*Try it:* Write out the lines below exactly, beginning at the one with "Volume: 1633 mm3; surface area: 1552 mm2" and stopping after the one with "#219=EDGE_LOOP('',(#313,#314));"; the pictures are not copied.

*Extracted entries:*
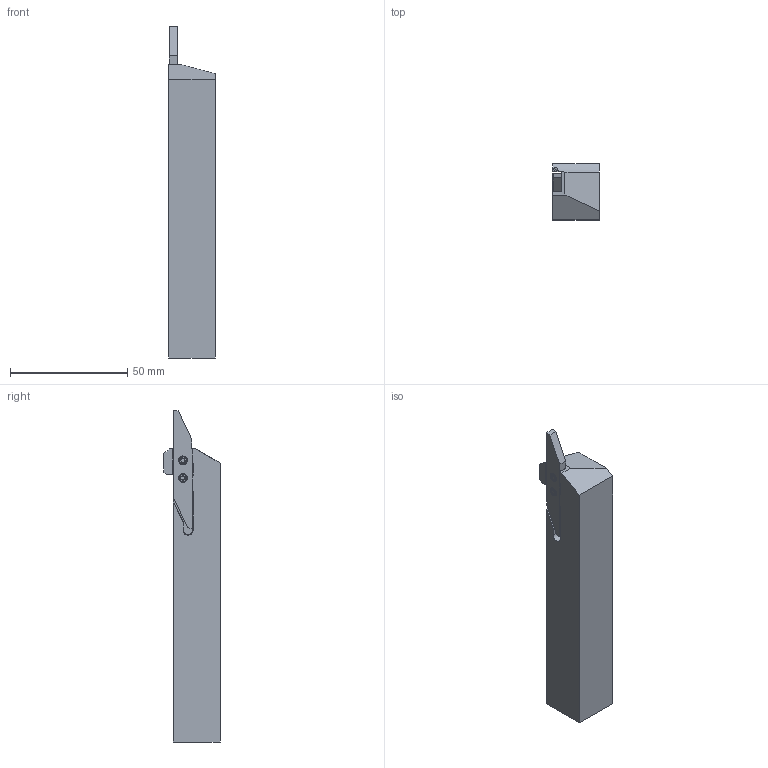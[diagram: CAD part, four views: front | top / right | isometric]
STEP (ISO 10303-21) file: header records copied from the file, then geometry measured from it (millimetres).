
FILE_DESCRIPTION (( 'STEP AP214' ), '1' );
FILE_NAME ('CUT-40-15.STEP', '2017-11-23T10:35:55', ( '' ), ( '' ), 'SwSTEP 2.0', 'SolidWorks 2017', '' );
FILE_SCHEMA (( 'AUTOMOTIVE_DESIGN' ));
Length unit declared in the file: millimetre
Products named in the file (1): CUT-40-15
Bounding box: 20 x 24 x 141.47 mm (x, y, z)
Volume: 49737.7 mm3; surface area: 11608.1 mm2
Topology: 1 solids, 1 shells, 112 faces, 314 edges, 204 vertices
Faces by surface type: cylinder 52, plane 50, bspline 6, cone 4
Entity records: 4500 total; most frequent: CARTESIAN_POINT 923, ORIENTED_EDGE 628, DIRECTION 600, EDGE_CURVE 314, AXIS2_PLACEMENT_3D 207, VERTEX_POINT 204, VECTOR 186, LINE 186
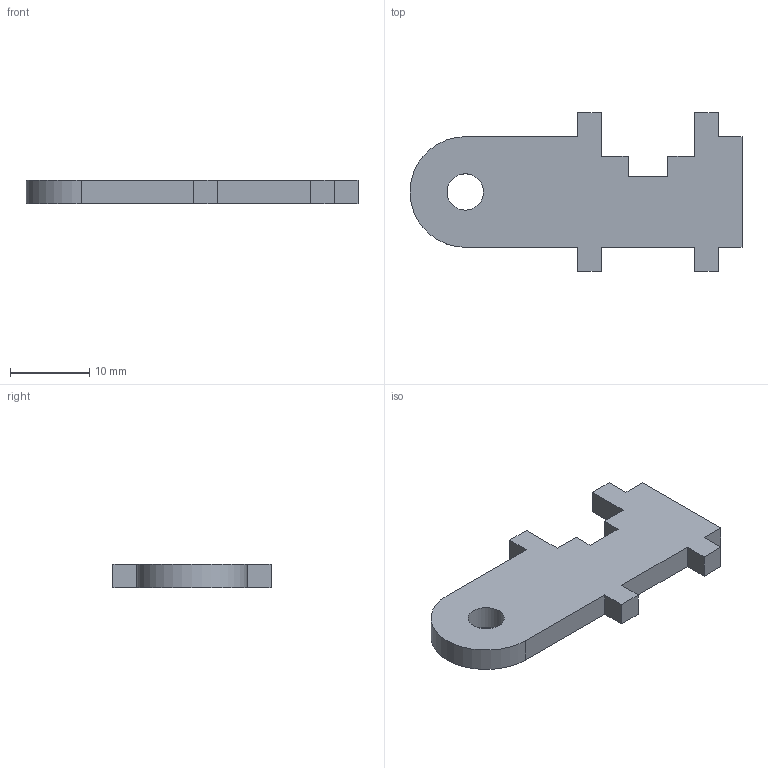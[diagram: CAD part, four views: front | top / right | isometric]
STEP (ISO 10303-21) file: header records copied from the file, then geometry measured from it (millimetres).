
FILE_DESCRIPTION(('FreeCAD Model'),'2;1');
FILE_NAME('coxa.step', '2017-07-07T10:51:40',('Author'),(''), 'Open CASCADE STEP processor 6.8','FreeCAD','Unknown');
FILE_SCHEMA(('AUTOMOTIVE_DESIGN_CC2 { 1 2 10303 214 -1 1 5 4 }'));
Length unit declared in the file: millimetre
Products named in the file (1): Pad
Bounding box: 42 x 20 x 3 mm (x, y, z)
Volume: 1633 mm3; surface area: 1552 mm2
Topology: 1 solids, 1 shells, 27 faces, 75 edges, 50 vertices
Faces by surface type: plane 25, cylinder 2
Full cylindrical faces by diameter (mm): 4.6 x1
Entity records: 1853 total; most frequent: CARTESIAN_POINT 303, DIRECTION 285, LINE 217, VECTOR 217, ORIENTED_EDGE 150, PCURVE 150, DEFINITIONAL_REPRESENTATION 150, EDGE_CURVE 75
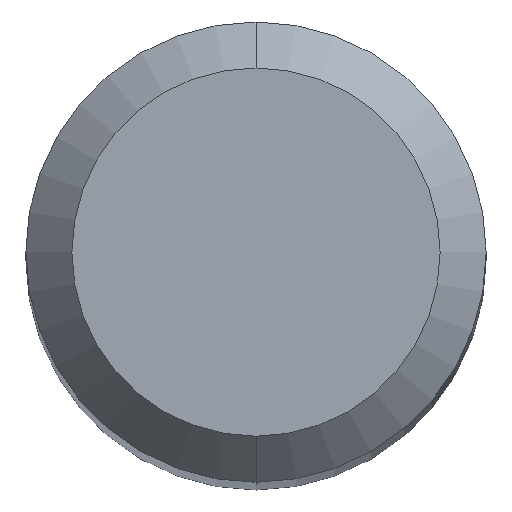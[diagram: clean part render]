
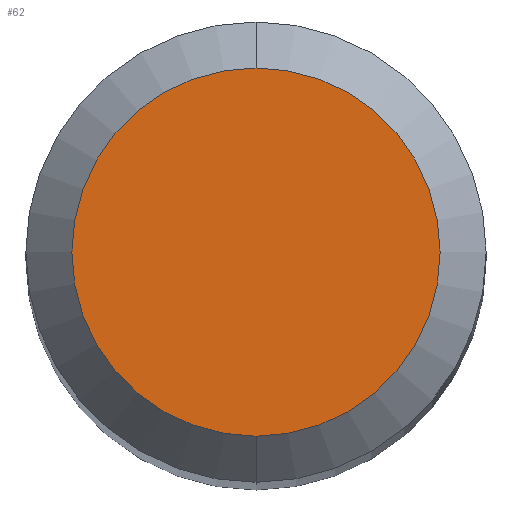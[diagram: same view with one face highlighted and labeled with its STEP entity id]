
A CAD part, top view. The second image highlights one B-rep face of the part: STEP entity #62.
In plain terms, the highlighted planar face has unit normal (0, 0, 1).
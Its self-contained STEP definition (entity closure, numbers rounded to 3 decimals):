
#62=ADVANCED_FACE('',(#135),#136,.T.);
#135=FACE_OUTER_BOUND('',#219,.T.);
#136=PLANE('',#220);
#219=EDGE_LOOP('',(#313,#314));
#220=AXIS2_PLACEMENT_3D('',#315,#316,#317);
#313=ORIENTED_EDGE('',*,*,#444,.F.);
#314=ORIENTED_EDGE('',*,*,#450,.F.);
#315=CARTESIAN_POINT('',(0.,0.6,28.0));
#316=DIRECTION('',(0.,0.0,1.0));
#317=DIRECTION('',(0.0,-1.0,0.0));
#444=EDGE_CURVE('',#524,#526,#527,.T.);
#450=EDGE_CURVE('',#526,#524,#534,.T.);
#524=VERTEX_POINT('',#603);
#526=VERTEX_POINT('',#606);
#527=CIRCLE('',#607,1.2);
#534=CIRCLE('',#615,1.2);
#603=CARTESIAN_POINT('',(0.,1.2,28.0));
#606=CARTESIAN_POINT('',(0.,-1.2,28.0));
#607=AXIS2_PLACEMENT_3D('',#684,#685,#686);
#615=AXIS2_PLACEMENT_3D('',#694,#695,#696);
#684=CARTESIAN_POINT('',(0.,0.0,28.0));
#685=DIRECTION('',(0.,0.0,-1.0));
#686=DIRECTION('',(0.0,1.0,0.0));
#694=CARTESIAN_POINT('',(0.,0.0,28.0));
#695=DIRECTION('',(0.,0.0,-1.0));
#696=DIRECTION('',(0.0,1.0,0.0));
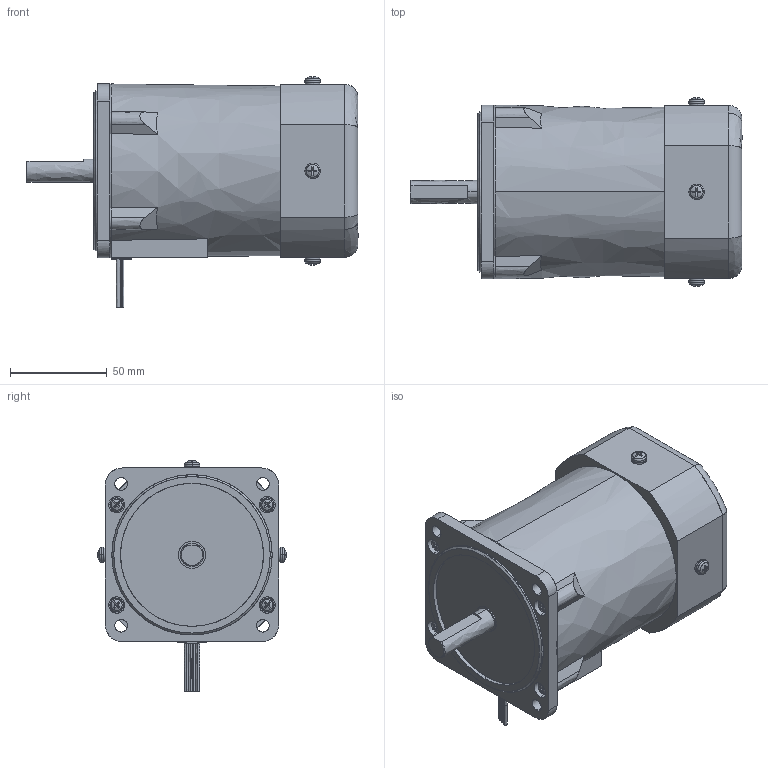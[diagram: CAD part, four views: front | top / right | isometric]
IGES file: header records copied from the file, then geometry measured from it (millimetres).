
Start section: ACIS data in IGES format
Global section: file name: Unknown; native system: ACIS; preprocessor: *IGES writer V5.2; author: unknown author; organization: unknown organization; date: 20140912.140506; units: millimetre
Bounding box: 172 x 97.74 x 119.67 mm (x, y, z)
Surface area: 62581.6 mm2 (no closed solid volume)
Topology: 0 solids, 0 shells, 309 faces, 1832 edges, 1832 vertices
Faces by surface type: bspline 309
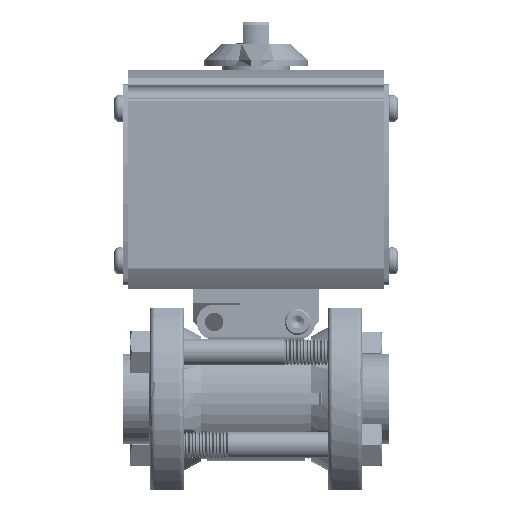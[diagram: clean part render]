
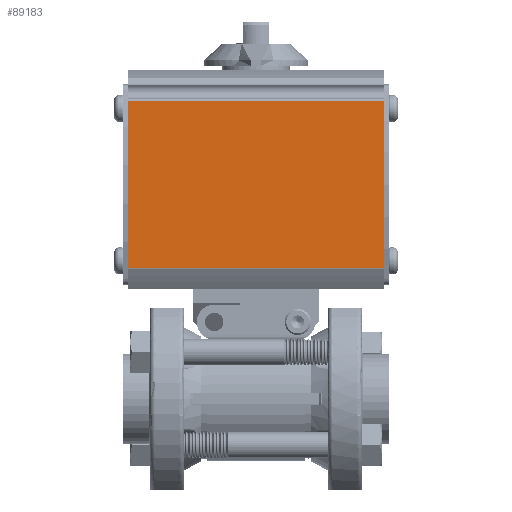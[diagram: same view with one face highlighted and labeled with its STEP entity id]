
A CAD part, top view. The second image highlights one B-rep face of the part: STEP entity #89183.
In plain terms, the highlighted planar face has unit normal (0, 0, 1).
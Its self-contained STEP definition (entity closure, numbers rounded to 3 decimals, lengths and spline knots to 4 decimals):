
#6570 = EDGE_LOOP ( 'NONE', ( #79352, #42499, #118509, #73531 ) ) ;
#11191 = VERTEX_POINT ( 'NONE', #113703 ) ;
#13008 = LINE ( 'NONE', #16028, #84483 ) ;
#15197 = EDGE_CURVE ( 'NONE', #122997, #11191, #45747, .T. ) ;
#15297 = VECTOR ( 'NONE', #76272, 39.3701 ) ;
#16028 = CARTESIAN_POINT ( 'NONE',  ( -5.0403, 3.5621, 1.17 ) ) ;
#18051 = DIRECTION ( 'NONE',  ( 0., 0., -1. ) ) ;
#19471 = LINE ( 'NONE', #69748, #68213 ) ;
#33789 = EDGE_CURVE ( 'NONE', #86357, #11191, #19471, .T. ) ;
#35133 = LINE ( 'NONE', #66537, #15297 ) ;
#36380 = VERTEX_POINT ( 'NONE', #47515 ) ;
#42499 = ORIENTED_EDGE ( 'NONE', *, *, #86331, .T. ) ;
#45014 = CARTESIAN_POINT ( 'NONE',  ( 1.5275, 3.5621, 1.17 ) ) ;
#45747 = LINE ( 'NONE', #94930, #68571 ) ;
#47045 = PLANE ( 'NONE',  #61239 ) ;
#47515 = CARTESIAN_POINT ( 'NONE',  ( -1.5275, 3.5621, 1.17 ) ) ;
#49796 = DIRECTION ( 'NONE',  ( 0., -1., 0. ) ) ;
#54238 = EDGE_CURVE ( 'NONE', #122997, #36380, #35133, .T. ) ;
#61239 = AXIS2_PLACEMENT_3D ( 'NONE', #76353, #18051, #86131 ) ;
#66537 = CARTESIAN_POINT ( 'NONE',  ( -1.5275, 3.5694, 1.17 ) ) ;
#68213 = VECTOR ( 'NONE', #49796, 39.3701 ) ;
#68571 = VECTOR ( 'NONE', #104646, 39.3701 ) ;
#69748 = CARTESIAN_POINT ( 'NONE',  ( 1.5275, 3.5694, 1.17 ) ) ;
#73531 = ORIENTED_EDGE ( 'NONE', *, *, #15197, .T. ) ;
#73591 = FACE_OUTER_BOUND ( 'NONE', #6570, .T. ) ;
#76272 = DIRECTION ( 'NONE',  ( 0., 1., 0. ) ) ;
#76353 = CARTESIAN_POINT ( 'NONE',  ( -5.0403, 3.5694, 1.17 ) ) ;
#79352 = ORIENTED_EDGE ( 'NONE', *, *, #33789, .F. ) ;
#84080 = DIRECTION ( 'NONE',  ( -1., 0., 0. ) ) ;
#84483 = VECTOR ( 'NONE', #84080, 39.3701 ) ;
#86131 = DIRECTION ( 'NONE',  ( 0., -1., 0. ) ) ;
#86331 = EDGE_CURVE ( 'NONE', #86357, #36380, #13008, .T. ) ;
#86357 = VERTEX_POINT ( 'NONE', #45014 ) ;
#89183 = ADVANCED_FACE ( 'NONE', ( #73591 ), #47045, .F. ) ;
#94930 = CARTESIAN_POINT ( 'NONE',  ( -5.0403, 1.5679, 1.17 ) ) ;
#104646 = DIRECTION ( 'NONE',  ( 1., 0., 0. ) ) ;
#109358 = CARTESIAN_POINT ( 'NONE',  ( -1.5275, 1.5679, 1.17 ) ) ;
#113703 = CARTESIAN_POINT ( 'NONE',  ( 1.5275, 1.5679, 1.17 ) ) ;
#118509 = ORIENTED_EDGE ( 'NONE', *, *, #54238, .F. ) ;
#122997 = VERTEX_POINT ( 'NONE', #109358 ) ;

*Finished exercise:*
Volume: 1633 mm3; surface area: 1552 mm2
Topology: 1 solids, 1 shells, 27 faces, 75 edges, 50 vertices
Faces by surface type: plane 25, cylinder 2
Full cylindrical faces by diameter (mm): 4.6 x1
Entity records: 1853 total; most frequent: CARTESIAN_POINT 303, DIRECTION 285, LINE 217, VECTOR 217, ORIENTED_EDGE 150, PCURVE 150, DEFINITIONAL_REPRESENTATION 150, EDGE_CURVE 75
[diagram: clean part render]
[diagram: same view with one face highlighted and labeled with its STEP entity id]
A CAD part, top view. The second image highlights one B-rep face of the part: STEP entity #62.
In plain terms, the highlighted planar face has unit normal (0, 0, 1).
Its self-contained STEP definition (entity closure, numbers rounded to 3 decimals):
#62=ADVANCED_FACE('',(#135),#136,.T.);
#135=FACE_OUTER_BOUND('',#219,.T.);
#136=PLANE('',#220);
#219=EDGE_LOOP('',(#313,#314));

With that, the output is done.